Supplied data =
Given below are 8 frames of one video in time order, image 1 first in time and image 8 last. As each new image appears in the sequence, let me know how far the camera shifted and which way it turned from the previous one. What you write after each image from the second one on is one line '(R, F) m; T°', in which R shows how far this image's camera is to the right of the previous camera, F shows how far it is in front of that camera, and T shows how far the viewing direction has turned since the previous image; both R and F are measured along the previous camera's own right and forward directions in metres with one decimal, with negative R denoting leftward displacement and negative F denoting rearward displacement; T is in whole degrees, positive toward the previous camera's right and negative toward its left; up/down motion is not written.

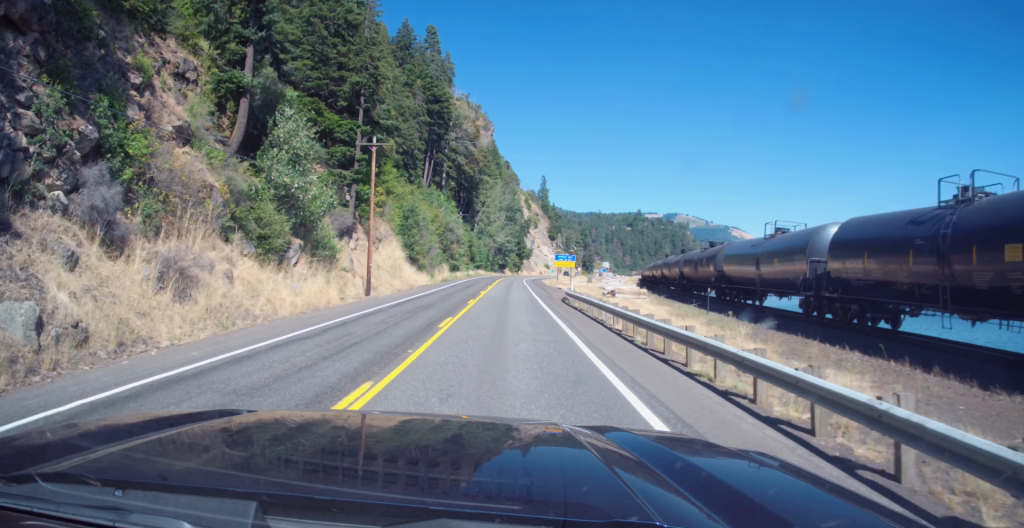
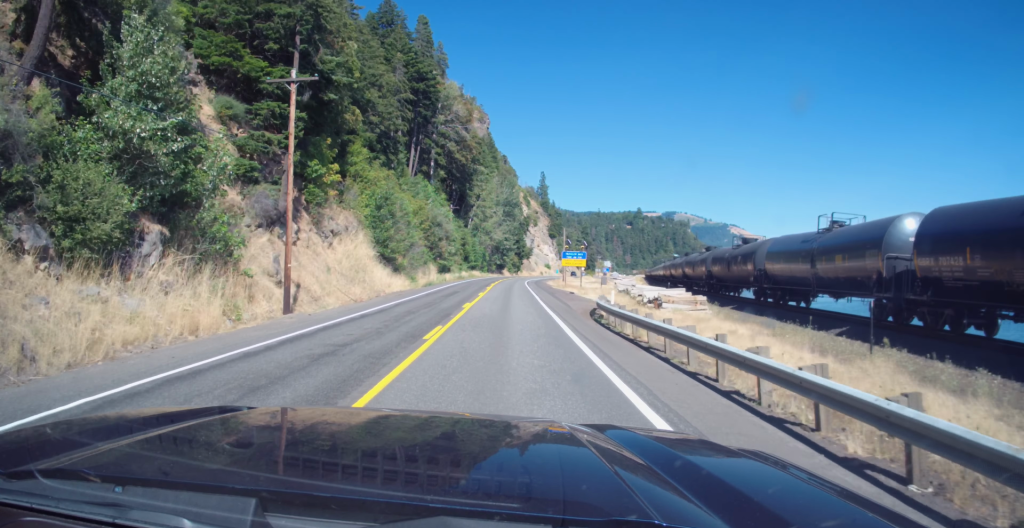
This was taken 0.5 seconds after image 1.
(-0.3, +15.3) m; 0°
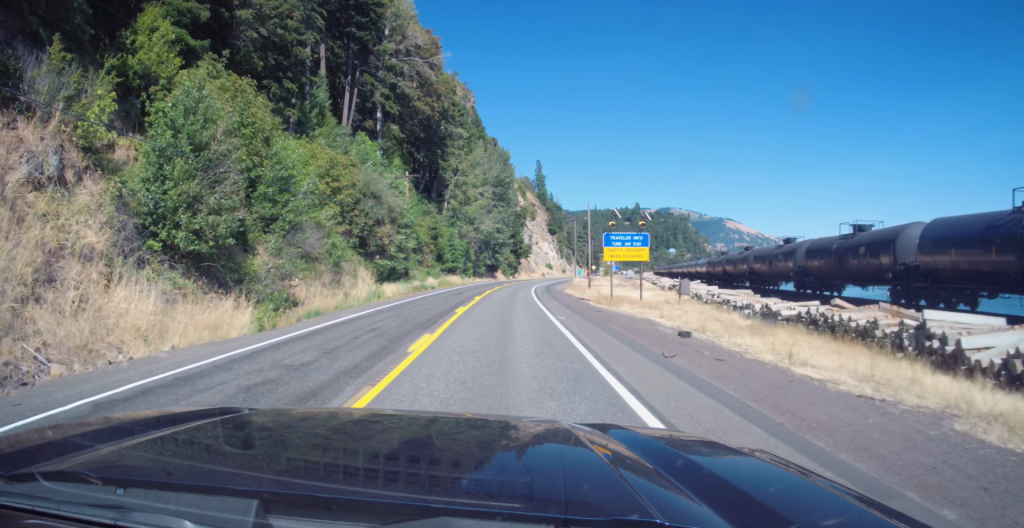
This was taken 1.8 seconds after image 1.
(+0.5, +38.6) m; +1°
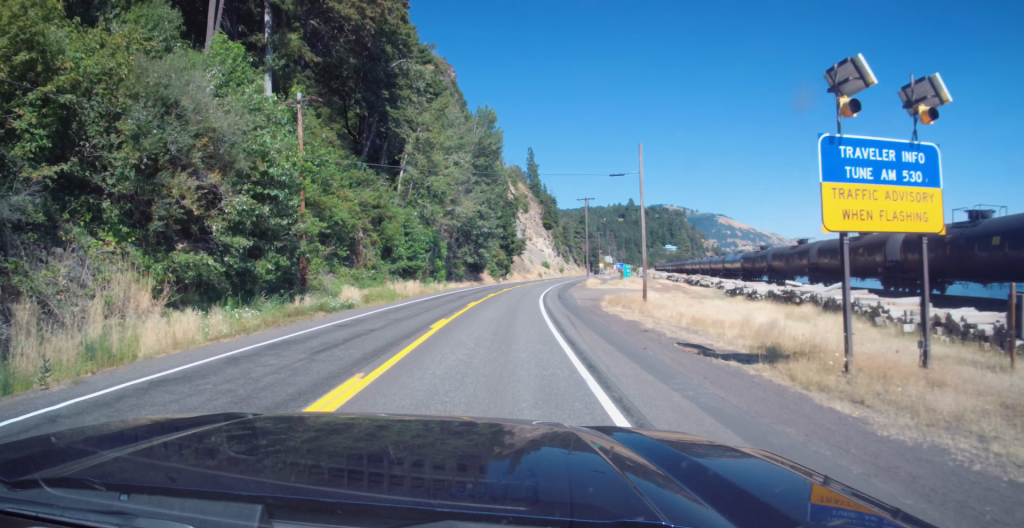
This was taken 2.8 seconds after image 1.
(+0.1, +29.9) m; +1°
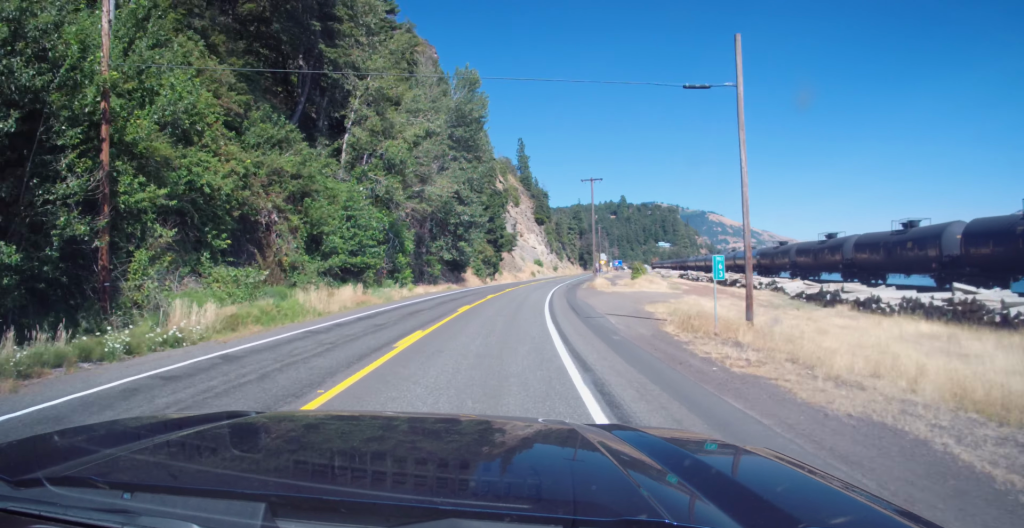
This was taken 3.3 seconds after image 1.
(+0.3, +17.7) m; +1°
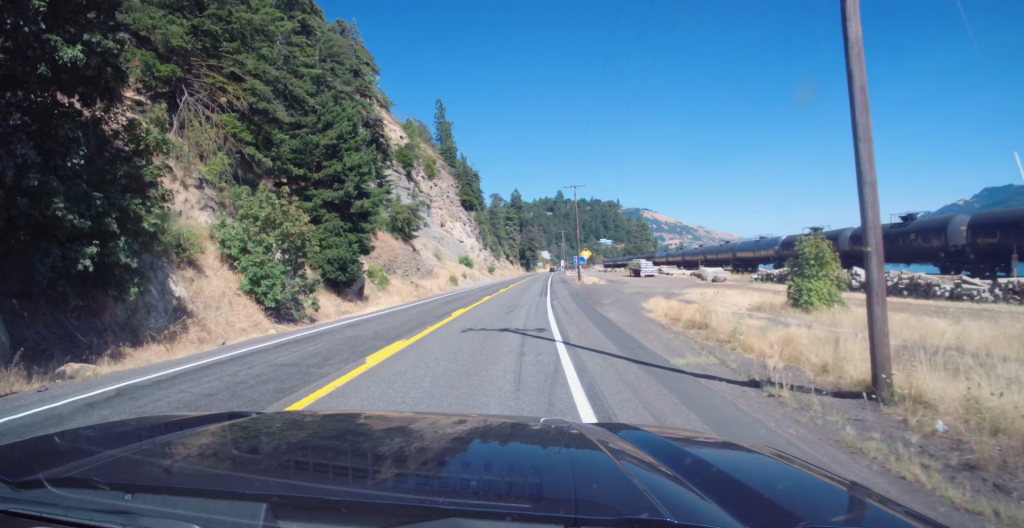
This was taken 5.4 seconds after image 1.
(+2.9, +62.5) m; +6°
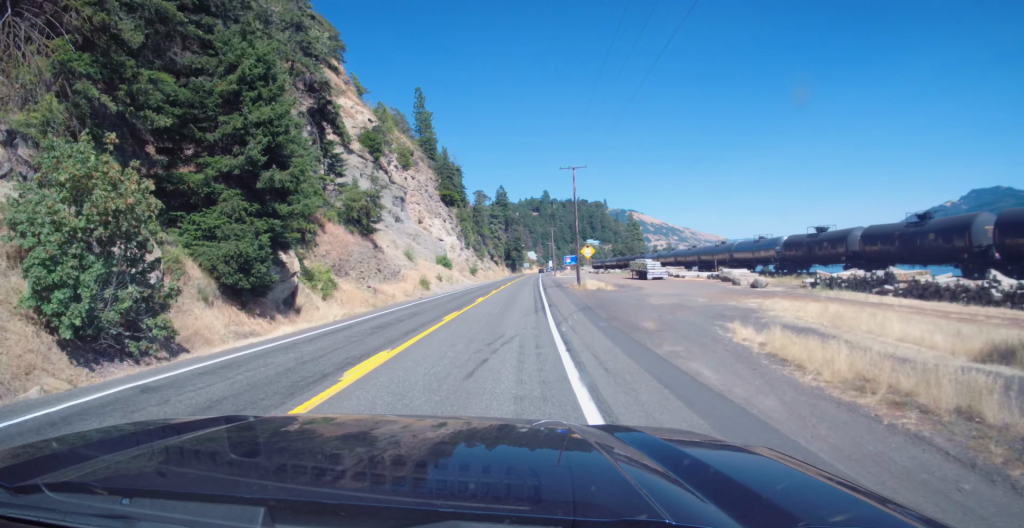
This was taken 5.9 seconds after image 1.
(+0.1, +13.8) m; +1°
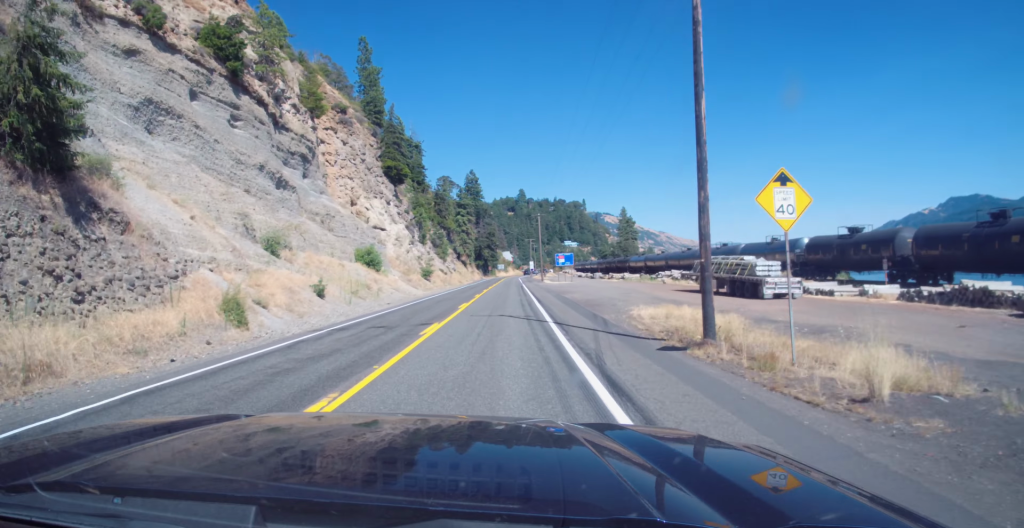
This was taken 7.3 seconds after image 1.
(0.0, +41.7) m; +1°

Task details =
The required result is an exact copy of the lines from the line containing "This was taken 5.4 seconds after image 1." through the end of the entries, with every picture left out.

Response box =
This was taken 5.4 seconds after image 1.
(+2.9, +62.5) m; +6°
This was taken 5.9 seconds after image 1.
(+0.1, +13.8) m; +1°
This was taken 7.3 seconds after image 1.
(0.0, +41.7) m; +1°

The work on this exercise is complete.